### Directions
Copy out the data below, all of it, exactly.

### Provided material
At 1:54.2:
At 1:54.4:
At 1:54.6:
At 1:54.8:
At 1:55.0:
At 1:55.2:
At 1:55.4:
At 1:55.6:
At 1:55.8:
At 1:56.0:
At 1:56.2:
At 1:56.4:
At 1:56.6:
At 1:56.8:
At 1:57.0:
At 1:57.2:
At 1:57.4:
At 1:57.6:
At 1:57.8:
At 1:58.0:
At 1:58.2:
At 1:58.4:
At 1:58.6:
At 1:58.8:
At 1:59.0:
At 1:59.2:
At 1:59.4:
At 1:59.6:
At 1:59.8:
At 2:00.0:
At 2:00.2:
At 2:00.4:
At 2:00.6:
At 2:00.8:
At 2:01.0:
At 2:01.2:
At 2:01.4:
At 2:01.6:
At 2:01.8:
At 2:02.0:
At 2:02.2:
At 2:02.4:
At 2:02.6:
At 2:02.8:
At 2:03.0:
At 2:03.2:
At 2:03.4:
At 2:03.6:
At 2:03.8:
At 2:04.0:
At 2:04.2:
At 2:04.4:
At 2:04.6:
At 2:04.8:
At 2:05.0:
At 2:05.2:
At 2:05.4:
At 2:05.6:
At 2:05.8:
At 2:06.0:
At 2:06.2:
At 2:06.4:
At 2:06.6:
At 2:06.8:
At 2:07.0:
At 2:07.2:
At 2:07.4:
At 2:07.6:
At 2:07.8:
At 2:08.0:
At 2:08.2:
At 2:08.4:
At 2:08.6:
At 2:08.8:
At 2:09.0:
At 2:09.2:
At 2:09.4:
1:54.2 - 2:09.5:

### Solution to this exercise
At 1:54.2:
At 1:54.4:
At 1:54.6:
At 1:54.8:
At 1:55.0:
At 1:55.2:
At 1:55.4:
At 1:55.6:
At 1:55.8:
At 1:56.0:
At 1:56.2:
At 1:56.4:
At 1:56.6:
At 1:56.8:
At 1:57.0:
At 1:57.2:
At 1:57.4:
At 1:57.6:
At 1:57.8:
At 1:58.0:
At 1:58.2:
At 1:58.4:
At 1:58.6:
At 1:58.8:
At 1:59.0:
At 1:59.2:
At 1:59.4:
At 1:59.6:
At 1:59.8:
At 2:00.0:
At 2:00.2:
At 2:00.4:
At 2:00.6:
At 2:00.8:
At 2:01.0:
At 2:01.2:
At 2:01.4:
At 2:01.6:
At 2:01.8:
At 2:02.0:
At 2:02.2:
At 2:02.4:
At 2:02.6:
At 2:02.8:
At 2:03.0:
At 2:03.2:
At 2:03.4:
At 2:03.6:
At 2:03.8:
At 2:04.0:
At 2:04.2:
At 2:04.4:
At 2:04.6:
At 2:04.8:
At 2:05.0:
At 2:05.2:
At 2:05.4:
At 2:05.6:
At 2:05.8:
At 2:06.0:
At 2:06.2:
At 2:06.4:
At 2:06.6:
At 2:06.8:
At 2:07.0:
At 2:07.2:
At 2:07.4:
At 2:07.6:
At 2:07.8:
At 2:08.0:
At 2:08.2:
At 2:08.4:
At 2:08.6:
At 2:08.8:
At 2:09.0:
At 2:09.2:
At 2:09.4:
1:54.2 - 2:09.5:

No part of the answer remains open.